Thanks @willy! This is exactly what I was after :+1:

So it looks like core 4 in your sample runs at ~2.275GHz. Does that sound about right?

And it definitely has the max L2 config of 512KB and the cluster level L3 is 3MB (too bad it wasn’t 4MB, but it’s better than Rockchip going with 2MB :slight_smile: ). Awesome!

120 - 130ns to memory is a whole lot better than many other Arm SoCs out there too (MT8183 sees just over 200ns).

Thanks again!

Quoting @willy: “Cores 4 and 5 are reported as running at 2286-2290 MHz while cores 6 and 7 are measured at 2308 MHz”.

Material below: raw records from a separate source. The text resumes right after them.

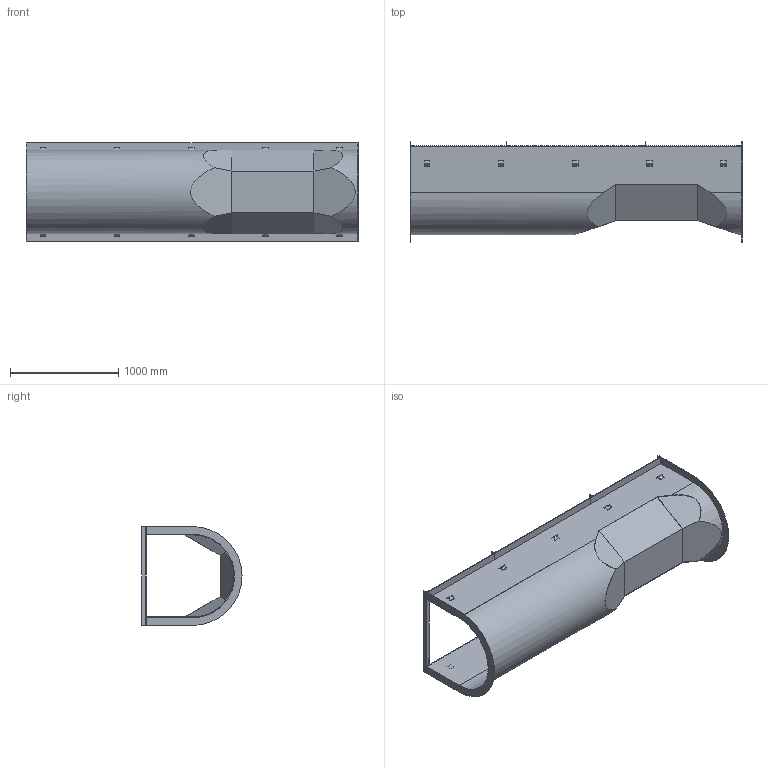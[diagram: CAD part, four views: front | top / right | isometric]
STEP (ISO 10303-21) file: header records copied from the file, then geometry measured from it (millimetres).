
FILE_DESCRIPTION (( 'STEP AP214' ), '1' );
FILE_NAME ('30in Palmer Bowlus Assem1 no options.STEP', '2020-10-09T17:09:45', ( '' ), ( '' ), 'SwSTEP 2.0', 'SolidWorks 2020', '' );
FILE_SCHEMA (( 'AUTOMOTIVE_DESIGN' ));
Length unit declared in the file: inch
Products named in the file (6): 30in Palmer Bowlus Assem1 no options; Palmer bowlus flume with equations_30 inch Default<As Machined>; Spreader Bar #4_Default<As Machined>; 30in PB staff gauge; Spreader Bar #3_Default<As Machined>; PB - Flume hold down clip_Default<As Machined>
Assembly tree (14 placements, depth 2):
  30in Palmer Bowlus Assem1 no options
    Palmer bowlus flume with equations_30 inch Default<As Machined>
    30in PB staff gauge
    PB - Flume hold down clip_Default<As Machined>  x10
    Spreader Bar #3_Default<As Machined>
    Spreader Bar #4_Default<As Machined>
Bounding box: 3073.4 x 927.1 x 914.4 mm (x, y, z)
Volume: 45869151.9 mm3; surface area: 14649230.4 mm2
Topology: 16 solids, 16 shells, 186 faces, 454 edges, 300 vertices
Faces by surface type: plane 150, cylinder 36
Entity records: 3698 total; most frequent: CARTESIAN_POINT 543, DIRECTION 484, ORIENTED_EDGE 476, EDGE_CURVE 238, VECTOR 194, LINE 194, VERTEX_POINT 156, AXIS2_PLACEMENT_3D 145
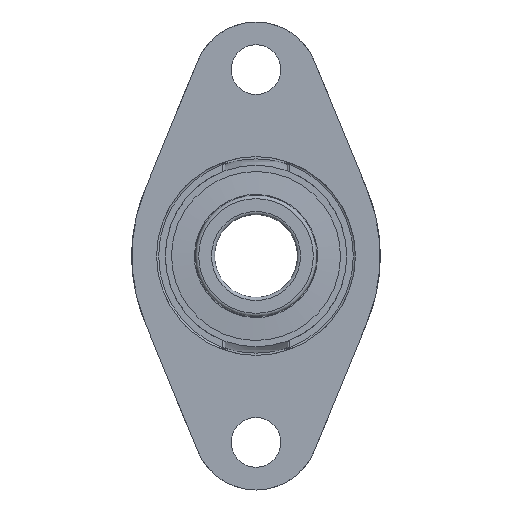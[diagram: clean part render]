
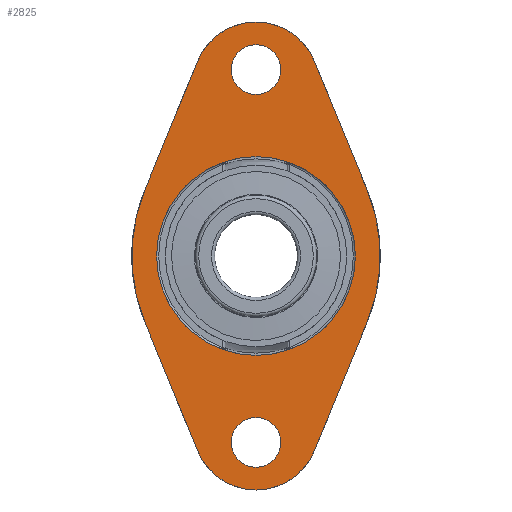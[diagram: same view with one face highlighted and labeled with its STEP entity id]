
A CAD part, left-side view. The second image highlights one B-rep face of the part: STEP entity #2825.
In plain terms, the highlighted face is planar.
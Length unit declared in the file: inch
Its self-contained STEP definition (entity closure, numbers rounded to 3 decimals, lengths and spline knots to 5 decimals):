
#197=VECTOR('',#3133,1.);
#241=VECTOR('',#3337,1.);
#242=VECTOR('',#3340,1.);
#243=VECTOR('',#3341,1.);
#279=LINE('',#6171,#197);
#323=LINE('',#7016,#241);
#324=LINE('',#7020,#242);
#325=LINE('',#7021,#243);
#445=CIRCLE('',#3506,1.65123);
#447=CIRCLE('',#3509,0.6);
#454=CIRCLE('',#3522,0.6);
#484=CIRCLE('',#3584,0.94488);
#486=CIRCLE('',#3590,0.23622);
#487=CIRCLE('',#3592,0.23622);
#488=CIRCLE('',#3594,1.65123);
#649=EDGE_CURVE('',#2430,#2431,#279,.T.);
#652=EDGE_CURVE('',#2432,#2430,#445,.T.);
#657=EDGE_CURVE('',#2431,#2433,#447,.T.);
#669=EDGE_CURVE('',#2438,#2439,#454,.T.);
#758=EDGE_CURVE('',#2491,#2491,#484,.T.);
#760=EDGE_CURVE('',#2493,#2493,#486,.T.);
#761=EDGE_CURVE('',#2494,#2494,#487,.T.);
#762=EDGE_CURVE('',#2495,#2438,#323,.T.);
#763=EDGE_CURVE('',#2496,#2495,#488,.T.);
#764=EDGE_CURVE('',#2433,#2496,#324,.T.);
#765=EDGE_CURVE('',#2439,#2432,#325,.T.);
#1273=ORIENTED_EDGE('',*,*,#758,.T.);
#1274=ORIENTED_EDGE('',*,*,#762,.F.);
#1275=ORIENTED_EDGE('',*,*,#763,.F.);
#1276=ORIENTED_EDGE('',*,*,#764,.F.);
#1277=ORIENTED_EDGE('',*,*,#657,.F.);
#1278=ORIENTED_EDGE('',*,*,#649,.F.);
#1279=ORIENTED_EDGE('',*,*,#652,.F.);
#1280=ORIENTED_EDGE('',*,*,#765,.F.);
#1281=ORIENTED_EDGE('',*,*,#669,.F.);
#1282=ORIENTED_EDGE('',*,*,#761,.T.);
#1283=ORIENTED_EDGE('',*,*,#760,.T.);
#1493=EDGE_LOOP('',(#1273));
#1494=EDGE_LOOP('',(#1274,#1275,#1276,#1277,#1278,#1279,#1280,#1281));
#1495=EDGE_LOOP('',(#1282));
#1496=EDGE_LOOP('',(#1283));
#1535=PLANE('',#3593);
#2430=VERTEX_POINT('',#6170);
#2431=VERTEX_POINT('',#6172);
#2432=VERTEX_POINT('',#6176);
#2433=VERTEX_POINT('',#6180);
#2438=VERTEX_POINT('',#6337);
#2439=VERTEX_POINT('',#6339);
#2491=VERTEX_POINT('',#7003);
#2493=VERTEX_POINT('',#7011);
#2494=VERTEX_POINT('',#7014);
#2495=VERTEX_POINT('',#7017);
#2496=VERTEX_POINT('',#7019);
#2672=FACE_BOUND('',#1493,.T.);
#2673=FACE_BOUND('',#1494,.T.);
#2674=FACE_BOUND('',#1495,.T.);
#2675=FACE_BOUND('',#1496,.T.);
#2825=ADVANCED_FACE('',(#2672,#2673,#2674,#2675),#1535,.F.);
#3133=DIRECTION('',(0.925,0.379,0.));
#3138=DIRECTION('',(0.,0.,1.));
#3139=DIRECTION('',(1.651,0.,0.));
#3147=DIRECTION('',(0.,0.,1.));
#3148=DIRECTION('',(0.6,0.,0.));
#3173=DIRECTION('',(0.,0.,1.));
#3174=DIRECTION('',(0.6,0.,0.));
#3321=DIRECTION('',(0.,0.,1.));
#3322=DIRECTION('',(0.,0.945,0.));
#3330=DIRECTION('',(0.,0.,1.));
#3331=DIRECTION('',(0.236,0.,0.));
#3334=DIRECTION('',(0.,0.,1.));
#3335=DIRECTION('',(0.236,0.,0.));
#3336=DIRECTION('',(0.,0.,1.));
#3337=DIRECTION('',(-0.925,-0.379,0.));
#3338=DIRECTION('',(0.,0.,1.));
#3339=DIRECTION('',(1.651,0.,0.));
#3340=DIRECTION('',(-0.925,0.379,0.));
#3341=DIRECTION('',(0.925,-0.379,0.));
#3506=AXIS2_PLACEMENT_3D('',#6177,#3138,#3139);
#3509=AXIS2_PLACEMENT_3D('',#6186,#3147,#3148);
#3522=AXIS2_PLACEMENT_3D('',#6338,#3173,#3174);
#3584=AXIS2_PLACEMENT_3D('',#7002,#3321,#3322);
#3590=AXIS2_PLACEMENT_3D('',#7010,#3330,#3331);
#3592=AXIS2_PLACEMENT_3D('',#7013,#3334,#3335);
#3593=AXIS2_PLACEMENT_3D('',#7015,#3336,$);
#3594=AXIS2_PLACEMENT_3D('',#7018,#3338,#3339);
#6170=CARTESIAN_POINT('',(0.62642,-1.05767,0.));
#6171=CARTESIAN_POINT('',(0.62642,-1.05767,0.));
#6172=CARTESIAN_POINT('',(1.85203,-0.55515,0.));
#6176=CARTESIAN_POINT('',(-0.62642,-1.05767,0.));
#6177=CARTESIAN_POINT('',(0.,0.47013,0.));
#6180=CARTESIAN_POINT('',(1.85203,0.55515,0.));
#6186=CARTESIAN_POINT('',(1.62441,0.,0.));
#6337=CARTESIAN_POINT('',(-1.85203,0.55515,0.));
#6338=CARTESIAN_POINT('',(-1.62441,0.,0.));
#6339=CARTESIAN_POINT('',(-1.85203,-0.55515,0.));
#7002=CARTESIAN_POINT('',(0.,0.,0.));
#7003=CARTESIAN_POINT('',(0.,0.94488,0.));
#7010=CARTESIAN_POINT('',(1.77165,0.,0.));
#7011=CARTESIAN_POINT('',(1.53543,0.,0.));
#7013=CARTESIAN_POINT('',(-1.77165,0.,0.));
#7014=CARTESIAN_POINT('',(-2.00787,0.,0.));
#7015=CARTESIAN_POINT('',(0.,0.,0.));
#7016=CARTESIAN_POINT('',(-0.62642,1.05767,0.));
#7017=CARTESIAN_POINT('',(-0.62642,1.05767,0.));
#7018=CARTESIAN_POINT('',(0.,-0.47013,0.));
#7019=CARTESIAN_POINT('',(0.62642,1.05767,0.));
#7020=CARTESIAN_POINT('',(1.85203,0.55515,0.));
#7021=CARTESIAN_POINT('',(-1.85203,-0.55515,0.));
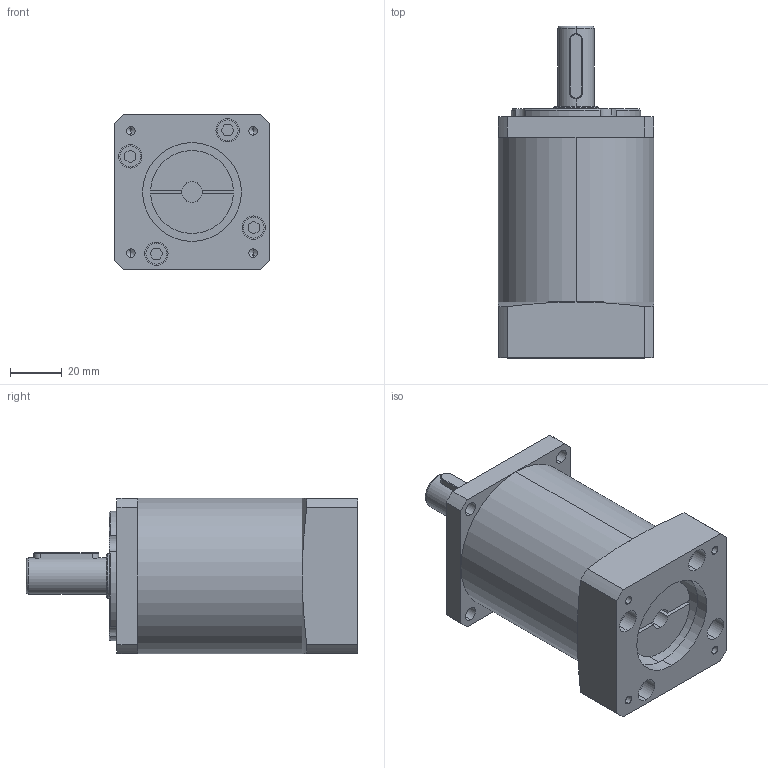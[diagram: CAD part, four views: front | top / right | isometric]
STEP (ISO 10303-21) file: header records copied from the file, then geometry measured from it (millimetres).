
FILE_DESCRIPTION (( 'STEP AP203' ), '1' );
FILE_NAME ('GPF060-L2-(8-38.1-□47.17-M4).STEP', '2022-05-06T00:48:48', ( '微软用户' ), ( '微软中国' ), 'SwSTEP 2.0', 'SolidWorks 2018', '' );
FILE_SCHEMA (( 'CONFIG_CONTROL_DESIGN' ));
Length unit declared in the file: millimetre
Products named in the file (1): GPF060-L2-(8-38.1-¡õ47.17-M4)
Bounding box: 60 x 128 x 60 mm (x, y, z)
Volume: 269179.4 mm3; surface area: 41203.7 mm2
Topology: 1 solids, 1 shells, 209 faces, 509 edges, 325 vertices
Faces by surface type: plane 104, cylinder 80, cone 23, torus 2
Entity records: 6295 total; most frequent: CARTESIAN_POINT 1190, DIRECTION 1090, ORIENTED_EDGE 1002, EDGE_CURVE 501, AXIS2_PLACEMENT_3D 399, VERTEX_POINT 325, LINE 292, VECTOR 292
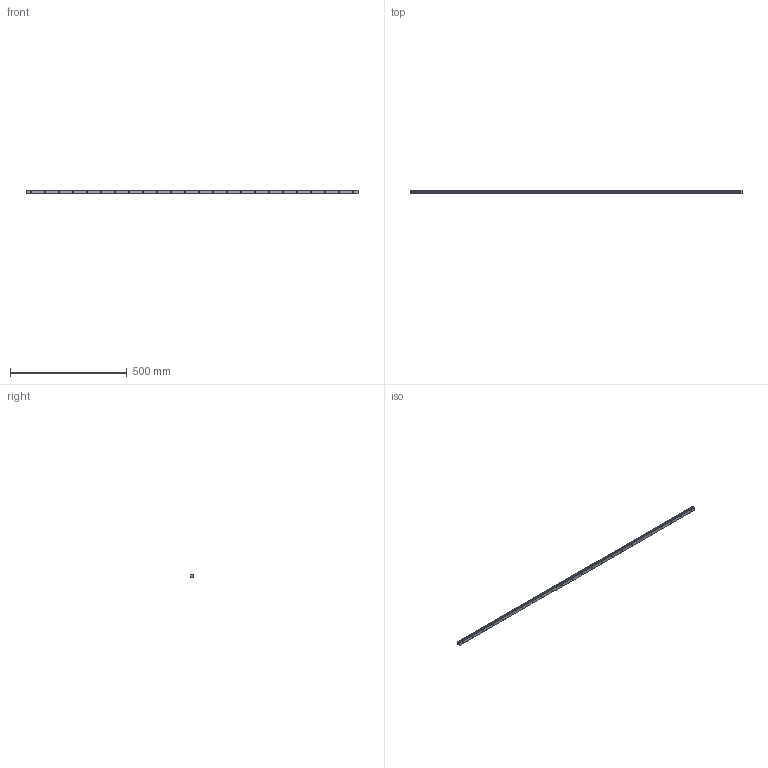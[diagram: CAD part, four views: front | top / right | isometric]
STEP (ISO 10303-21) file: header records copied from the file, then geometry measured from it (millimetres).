
FILE_DESCRIPTION (( 'STEP AP214' ), '1' );
FILE_NAME ('SHS15 1420L G20.STEP', '2021-05-25T12:34:59', ( '' ), ( '' ), 'SwSTEP 2.0', 'SolidWorks 2021', '' );
FILE_SCHEMA (( 'AUTOMOTIVE_DESIGN' ));
Length unit declared in the file: millimetre
Products named in the file (2): _SHS15C142020 Track; SHS15 1420L G20
Assembly tree (1 placements, depth 2):
  SHS15 1420L G20
    _SHS15C142020 Track
Bounding box: 1420 x 13 x 15 mm (x, y, z)
Volume: 229524.6 mm3; surface area: 85547.4 mm2
Topology: 1 solids, 1 shells, 165 faces, 417 edges, 278 vertices
Faces by surface type: cylinder 119, plane 46
Entity records: 5251 total; most frequent: DIRECTION 993, CARTESIAN_POINT 864, ORIENTED_EDGE 834, EDGE_CURVE 417, AXIS2_PLACEMENT_3D 407, VERTEX_POINT 278, CIRCLE 238, EDGE_LOOP 237
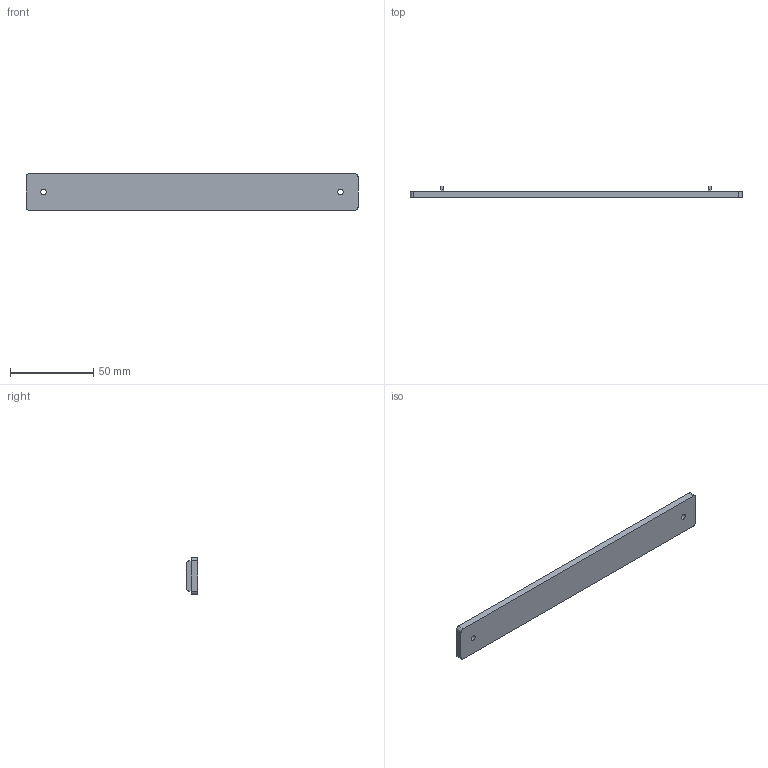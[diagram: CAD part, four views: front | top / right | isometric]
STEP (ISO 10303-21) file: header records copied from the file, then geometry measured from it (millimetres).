
FILE_DESCRIPTION(('HOOPS Exchange Step'),'2;1');
FILE_NAME('temp_export','2025-09-13T18:28:53+02:00',('cb'),('Shapr3D Limited'),'HOOPS Exchange 2025.5','Shapr3D','Authorized');
FILE_SCHEMA( ('AP242_MANAGED_MODEL_BASED_3D_ENGINEERING_MIM_LF {1 0 10303 442 1 1 4}') );
Length unit declared in the file: millimetre
Products named in the file (1): Tmp-0.5U-Tray-Starter
Bounding box: 199.8 x 7 x 22.2 mm (x, y, z)
Volume: 12027.1 mm3; surface area: 11610.9 mm2
Topology: 1 solids, 1 shells, 29 faces, 74 edges, 48 vertices
Faces by surface type: plane 19, cylinder 10
Full cylindrical faces by diameter (mm): 3.3 x2
Entity records: 920 total; most frequent: DIRECTION 156, CARTESIAN_POINT 153, ORIENTED_EDGE 148, EDGE_CURVE 74, VECTOR 54, LINE 54, AXIS2_PLACEMENT_3D 51, VERTEX_POINT 48
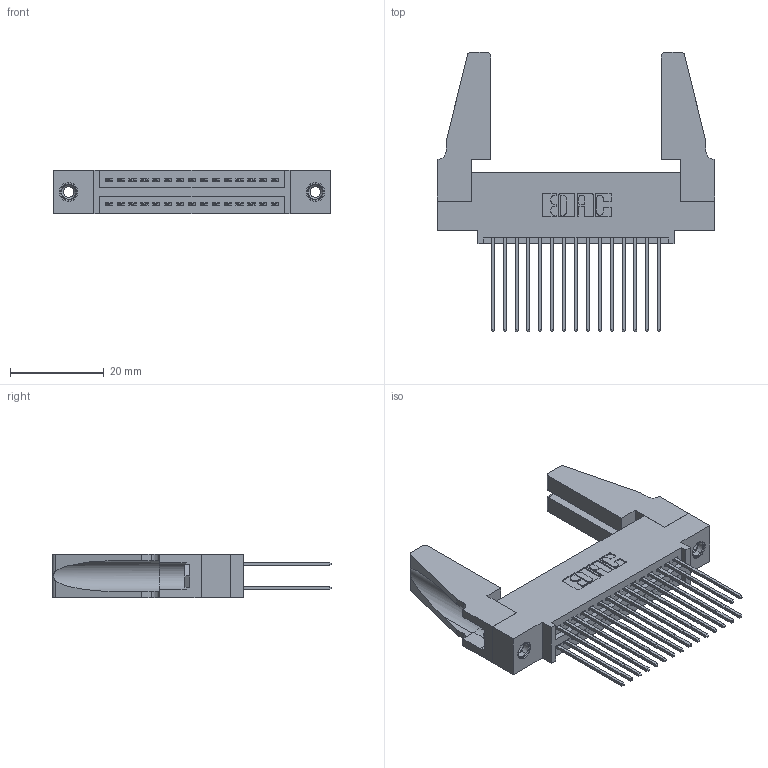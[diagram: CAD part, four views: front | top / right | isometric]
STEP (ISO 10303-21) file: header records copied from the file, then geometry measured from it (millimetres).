
FILE_DESCRIPTION (( 'STEP AP203' ), '1' );
FILE_NAME ('345-030-541-588.STEP', '2019-10-28T02:00:16', ( '' ), ( '' ), 'SwSTEP 2.0', 'SolidWorks 2016', '' );
FILE_SCHEMA (( 'CONFIG_CONTROL_DESIGN' ));
Length unit declared in the file: inch
Products named in the file (5): 345-220-078_345-220-088; 345-030-541-588; 345-250-001_345-250-001-102; 345-292-001_345-293-141; 345 Part_0.110 Offset - 0.156 Dia-TH
Assembly tree (35 placements, depth 2):
  345-030-541-588
    345 Part_0.110 Offset - 0.156 Dia-TH
    345-292-001_345-293-141  x30
    345-250-001_345-250-001-102  x2
    345-220-078_345-220-088  x2
Bounding box: 59.33 x 59.61 x 9.4 mm (x, y, z)
Volume: 8864.4 mm3; surface area: 11796.5 mm2
Topology: 35 solids, 35 shells, 1754 faces, 5137 edges, 3374 vertices
Faces by surface type: plane 1146, cylinder 592, cone 12, torus 4
Entity records: 17702 total; most frequent: CARTESIAN_POINT 2990, ORIENTED_EDGE 2884, DIRECTION 2674, EDGE_CURVE 1442, LINE 1208, VECTOR 1208, VERTEX_POINT 954, AXIS2_PLACEMENT_3D 733
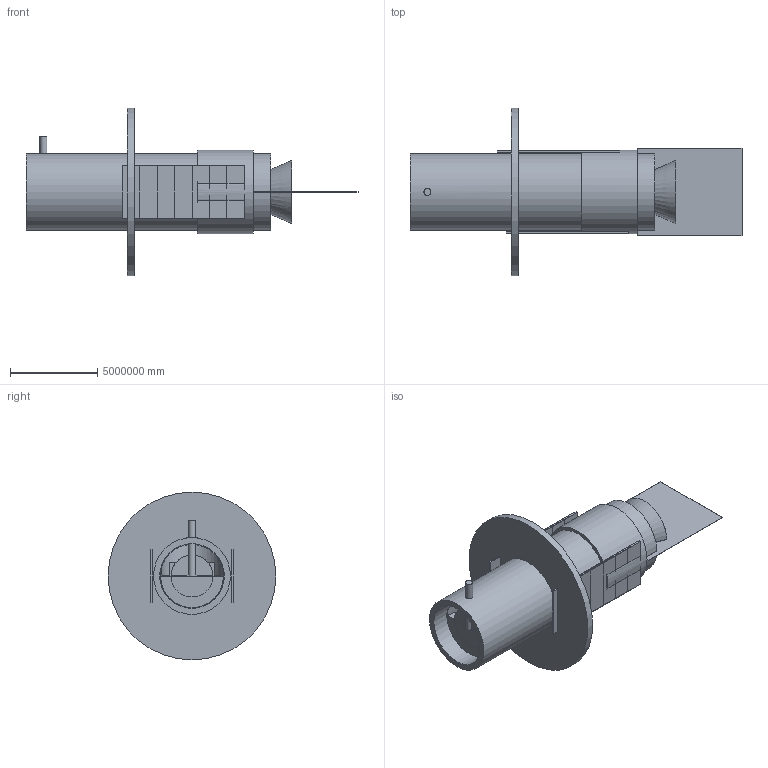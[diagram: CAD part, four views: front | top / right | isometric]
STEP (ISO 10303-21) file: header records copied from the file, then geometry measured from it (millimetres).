
FILE_DESCRIPTION(('FreeCAD Model'),'2;1');
FILE_NAME('Open CASCADE Shape Model','2025-11-12T21:47:58',('Author'),( ''),'Open CASCADE STEP processor 7.8','FreeCAD','Unknown');
FILE_SCHEMA(('AUTOMOTIVE_DESIGN { 1 0 10303 214 1 1 1 1 }'));
Length unit declared in the file: metre
Products named in the file (35): Rear; Nose; Magnetic_Nozzle; Attitude_Thruster_1; Solar_Sail; Large_Antenna; Attitude_Thruster_3; Attitude_Thruster_2; Attitude_Thruster_7; Attitude_Thruster_4; Attitude_Thruster_6; Attitude_Thruster_5; Solar_Panel_1; Solar_Panel_2; Solar_Panel_4; Attitude_Thruster_8; Solar_Panel_3; Solar_Panel_5; Spaceship_Assembly; Solar_Panel_6; Solar_Panel_8; Solar_Panel_7; Mid; Hull_Shell; Win_Left; TPS_Support; Win_Right; Cockpit; Hull_Shell_Cut; TPS_Assembly; Radiation_Shield; TPS_Shield; ReactorCore; Reactor_Rings; Reactor_Coils
Bounding box: 19000000 x 9600000 x 9600000 mm (x, y, z)
Volume: 784535554567516717056 mm3
Topology: 35 solids, 36 shells, 312 faces, 665 edges, 426 vertices
Faces by surface type: plane 252, cylinder 49, cone 8, torus 3
Full cylindrical faces by diameter (mm): 300000 x8, 400000 x3, 1600000 x1, 3200000 x1, 3600000 x5, 3700000 x3, 4400000 x3, 4800000 x2, 9600000 x3
Entity records: 20443 total; most frequent: CARTESIAN_POINT 6008, DIRECTION 2526, LINE 1413, VECTOR 1413, ORIENTED_EDGE 1328, PCURVE 1328, DEFINITIONAL_REPRESENTATION 1328, EDGE_CURVE 664

Measured with his cool mhz utility.

sysfs contents from my sbc-bench result:

cpu0/index0: 32K, level: 1, type: Data
cpu0/index1: 32K, level: 1, type: Instruction
cpu0/index2: 128K, level: 2, type: Unified
cpu0/index3: 3072K, level: 3, type: Unified
cpu1/index0: 32K, level: 1, type: Data
cpu1/index1: 32K, level: 1, type: Instruction
cpu1/index2: 128K, level: 2, type: Unified
cpu1/index3: 3072K, level: 3, type: Unified
cpu2/index0: 32K, level: 1, type: Data
cpu2/index1: 32K, level: 1, type: Instruction
cpu2/index2: 128K, level: 2, type: Unified
cpu2/index3: 3072K, level: 3, type: Unified
cpu3/index0: 32K, level: 1, type: Data
cpu3/index1: 32K, level: 1, type: Instruction
cpu3/index2: 128K, level: 2, type: Unified
cpu3/index3: 3072K, level: 3, type: Unified
cpu4/index0: 64K, level: 1, type: Data
cpu4/index1: 64K, level: 1, type: Instruction
cpu4/index2: 512K, level: 2, type: Unified
cpu4/index3: 3072K, level: 3, type: Unified
cpu5/index0: 64K, level: 1, type: Data
cpu5/index1: 64K, level: 1, type: Instruction
cpu5/index2: 512K, level: 2, type: Unified
cpu5/index3: 3072K, level: 3, type: Unified
cpu6/index0: 64K, level: 1, type: Data
cpu6/index1: 64K, level: 1, type: Instruction
cpu6/index2: 512K, level: 2, type: Unified
cpu6/index3: 3072K, level: 3, type: Unified
cpu7/index0: 64K, level: 1, type: Data
cpu7/index1: 64K, level: 1, type: Instruction
cpu7/index2: 512K, level: 2, type: Unified
cpu7/index3: 3072K, level: 3, type: Unified

Awesome. Thanks @tkaiser!

Yes, 120ns is one of the best results for ARM boards. My mcbin which used to be one of the best was at 175. RPi4 at 2 GHz gives me 154, and Odroid-N2+ at 2.4G says 135.